September 25: Twitter alerted us to The Kelly Clarkson Show and its dystopian in-studio zoom audience.
September 27: The New York Times confirmed that we all pay more taxes than Trump.
October 2: Some dude punched Rick Moranis in the face.
October 2: Claudia Conway told TikTok her mom had COVID-19.
October 5: Fringe conspiracy theorists tried to convince us that Trump is an immortal alien who got COVID-19 as a cover to shapeshift. Makes sense.
October 5: Nigerian activists launched the #ENDSARS movement, the country’s largest mass protest in almost a decade, calling for the end of corrupt policing.

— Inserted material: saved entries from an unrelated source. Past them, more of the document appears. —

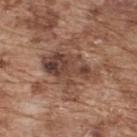Notes:
- biopsy status · total-body-photography surveillance lesion; no biopsy
- tile lighting · white-light illumination
- location · the upper back
- subject · male, approximately 75 years of age
- imaging modality · ~15 mm crop, total-body skin-cancer survey
- size · ≈6.5 mm
- TBP lesion metrics · an average lesion color of about L≈44 a*≈19 b*≈26 (CIELAB) and a lesion–skin lightness drop of about 11; internal color variation of about 7.5 on a 0–10 scale; an automated nevus-likeness rating near 0 out of 100 and a detector confidence of about 100 out of 100 that the crop contains a lesion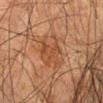Q: Is there a histopathology result?
A: no biopsy performed (imaged during a skin exam)
Q: Lesion location?
A: the right forearm
Q: Who is the patient?
A: male, in their 80s
Q: What lighting was used for the tile?
A: cross-polarized
Q: What kind of image is this?
A: total-body-photography crop, ~15 mm field of view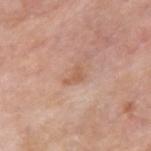Q: Was a biopsy performed?
A: no biopsy performed (imaged during a skin exam)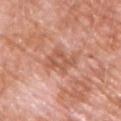<case>
<biopsy_status>not biopsied; imaged during a skin examination</biopsy_status>
<patient>
  <sex>male</sex>
  <age_approx>60</age_approx>
</patient>
<site>chest</site>
<lesion_size>
  <long_diameter_mm_approx>4.5</long_diameter_mm_approx>
</lesion_size>
<image>
  <source>total-body photography crop</source>
  <field_of_view_mm>15</field_of_view_mm>
</image>
<lighting>white-light</lighting>
<automated_metrics>
  <area_mm2_approx>8.5</area_mm2_approx>
  <eccentricity>0.85</eccentricity>
  <shape_asymmetry>0.35</shape_asymmetry>
  <cielab_L>57</cielab_L>
  <cielab_a>26</cielab_a>
  <cielab_b>32</cielab_b>
  <vs_skin_darker_L>9.0</vs_skin_darker_L>
  <vs_skin_contrast_norm>6.5</vs_skin_contrast_norm>
  <color_variation_0_10>4.0</color_variation_0_10>
</automated_metrics>
</case>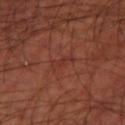Impression:
Recorded during total-body skin imaging; not selected for excision or biopsy.
Image and clinical context:
Captured under cross-polarized illumination. Approximately 3 mm at its widest. A male patient, approximately 70 years of age. On the left lower leg. Cropped from a total-body skin-imaging series; the visible field is about 15 mm. Automated image analysis of the tile measured a lesion area of about 3.5 mm², an outline eccentricity of about 0.95 (0 = round, 1 = elongated), and a symmetry-axis asymmetry near 0.25. The analysis additionally found a border-irregularity index near 3.5/10, a within-lesion color-variation index near 0/10, and a peripheral color-asymmetry measure near 0. The software also gave a nevus-likeness score of about 0/100 and a lesion-detection confidence of about 90/100.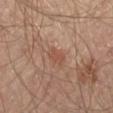biopsy status: total-body-photography surveillance lesion; no biopsy
tile lighting: cross-polarized
patient: male, roughly 65 years of age
diameter: about 3 mm
automated lesion analysis: a lesion area of about 4.5 mm², a shape eccentricity near 0.85, and a shape-asymmetry score of about 0.3 (0 = symmetric); a lesion-to-skin contrast of about 5.5 (normalized; higher = more distinct)
body site: the left thigh
image: ~15 mm crop, total-body skin-cancer survey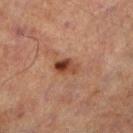biopsy_status: not biopsied; imaged during a skin examination
site: left lower leg
patient:
  sex: male
  age_approx: 70
image:
  source: total-body photography crop
  field_of_view_mm: 15
lesion_size:
  long_diameter_mm_approx: 3.0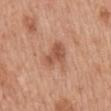Part of a total-body skin-imaging series; this lesion was reviewed on a skin check and was not flagged for biopsy. Measured at roughly 3.5 mm in maximum diameter. The tile uses white-light illumination. A female subject approximately 40 years of age. On the mid back. The lesion-visualizer software estimated an area of roughly 6.5 mm², a shape eccentricity near 0.75, and a shape-asymmetry score of about 0.3 (0 = symmetric). The analysis additionally found an average lesion color of about L≈54 a*≈24 b*≈32 (CIELAB), roughly 10 lightness units darker than nearby skin, and a normalized lesion–skin contrast near 6.5. The software also gave a border-irregularity index near 3/10, a within-lesion color-variation index near 3/10, and peripheral color asymmetry of about 1. A close-up tile cropped from a whole-body skin photograph, about 15 mm across.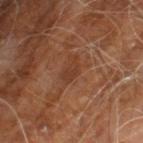patient:
  sex: male
  age_approx: 60
lesion_size:
  long_diameter_mm_approx: 3.0
image:
  source: total-body photography crop
  field_of_view_mm: 15
site: right leg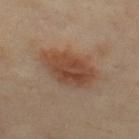Clinical impression:
Recorded during total-body skin imaging; not selected for excision or biopsy.
Background:
The recorded lesion diameter is about 6 mm. From the upper back. A male patient, aged around 45. Cropped from a total-body skin-imaging series; the visible field is about 15 mm.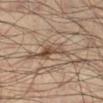Imaged during a routine full-body skin examination; the lesion was not biopsied and no histopathology is available. The patient is a male about 35 years old. The lesion is located on the right lower leg. Cropped from a whole-body photographic skin survey; the tile spans about 15 mm. This is a cross-polarized tile.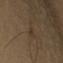Impression:
Recorded during total-body skin imaging; not selected for excision or biopsy.
Background:
The subject is a male about 60 years old. On the right arm. Cropped from a total-body skin-imaging series; the visible field is about 15 mm.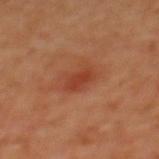Impression: The lesion was tiled from a total-body skin photograph and was not biopsied. Clinical summary: A female subject, about 40 years old. Cropped from a total-body skin-imaging series; the visible field is about 15 mm. An algorithmic analysis of the crop reported an area of roughly 4.5 mm². And it measured a mean CIELAB color near L≈42 a*≈30 b*≈34, about 8 CIELAB-L* units darker than the surrounding skin, and a lesion-to-skin contrast of about 6.5 (normalized; higher = more distinct). The analysis additionally found a classifier nevus-likeness of about 55/100. Captured under cross-polarized illumination. The lesion is located on the upper back.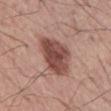biopsy_status: not biopsied; imaged during a skin examination
site: abdomen
patient:
  sex: male
  age_approx: 55
image:
  source: total-body photography crop
  field_of_view_mm: 15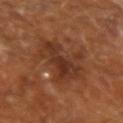Impression:
Imaged during a routine full-body skin examination; the lesion was not biopsied and no histopathology is available.
Context:
From the arm. A region of skin cropped from a whole-body photographic capture, roughly 15 mm wide. A male patient, aged approximately 65.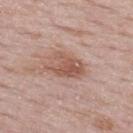Impression: This lesion was catalogued during total-body skin photography and was not selected for biopsy. Background: Approximately 5 mm at its widest. A region of skin cropped from a whole-body photographic capture, roughly 15 mm wide. The tile uses white-light illumination. The patient is a female approximately 50 years of age. Automated image analysis of the tile measured border irregularity of about 4.5 on a 0–10 scale, a color-variation rating of about 4/10, and a peripheral color-asymmetry measure near 1.5. From the upper back.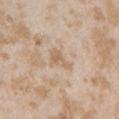Findings:
* notes · catalogued during a skin exam; not biopsied
* lesion diameter · about 3 mm
* image source · 15 mm crop, total-body photography
* location · the left upper arm
* subject · female, in their mid-20s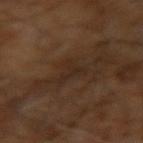  biopsy_status: not biopsied; imaged during a skin examination
  patient:
    sex: male
    age_approx: 60
  lesion_size:
    long_diameter_mm_approx: 3.0
  image:
    source: total-body photography crop
    field_of_view_mm: 15
  lighting: cross-polarized
  site: right arm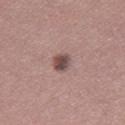Captured during whole-body skin photography for melanoma surveillance; the lesion was not biopsied.
Automated tile analysis of the lesion measured a lesion area of about 4.5 mm², a shape eccentricity near 0.6, and two-axis asymmetry of about 0.15. It also reported a border-irregularity index near 1.5/10 and a peripheral color-asymmetry measure near 1.5.
About 2.5 mm across.
This is a white-light tile.
A female patient, aged 33–37.
The lesion is located on the left leg.
A lesion tile, about 15 mm wide, cut from a 3D total-body photograph.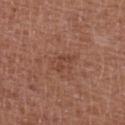patient: male, about 75 years old | body site: the left lower leg | imaging modality: ~15 mm tile from a whole-body skin photo | lighting: white-light | lesion size: about 3.5 mm.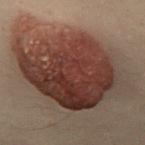<lesion>
  <biopsy_status>not biopsied; imaged during a skin examination</biopsy_status>
  <patient>
    <sex>male</sex>
    <age_approx>50</age_approx>
  </patient>
  <automated_metrics>
    <shape_asymmetry>0.2</shape_asymmetry>
    <cielab_L>29</cielab_L>
    <cielab_a>16</cielab_a>
    <cielab_b>20</cielab_b>
    <vs_skin_darker_L>12.0</vs_skin_darker_L>
    <vs_skin_contrast_norm>11.5</vs_skin_contrast_norm>
    <border_irregularity_0_10>3.5</border_irregularity_0_10>
    <color_variation_0_10>7.0</color_variation_0_10>
    <peripheral_color_asymmetry>2.0</peripheral_color_asymmetry>
  </automated_metrics>
  <lesion_size>
    <long_diameter_mm_approx>12.5</long_diameter_mm_approx>
  </lesion_size>
  <lighting>cross-polarized</lighting>
  <site>mid back</site>
  <image>
    <source>total-body photography crop</source>
    <field_of_view_mm>15</field_of_view_mm>
  </image>
</lesion>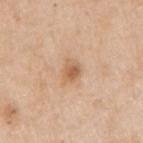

October 6: Wendy Williams said “cornova.”
October 6: Astrophysicists told us that supermassive black holes might really be ‘traversable’ wormholes, whatever that means.
October 18: AMC said you can now rent an entire movie theater for $99.
October 19: A giant, 2,000-year-old cat drawing was accidentally discovered in Peru.
October 23: Indigenous land defenders in Canada overturned a school bus as a blockade.
October 26: We learned the moon is wet!!
October 29: Lil Wayne got dumped for being a Trump supporter.
November 2: Scientists accidentally figured out that platypus fur glows.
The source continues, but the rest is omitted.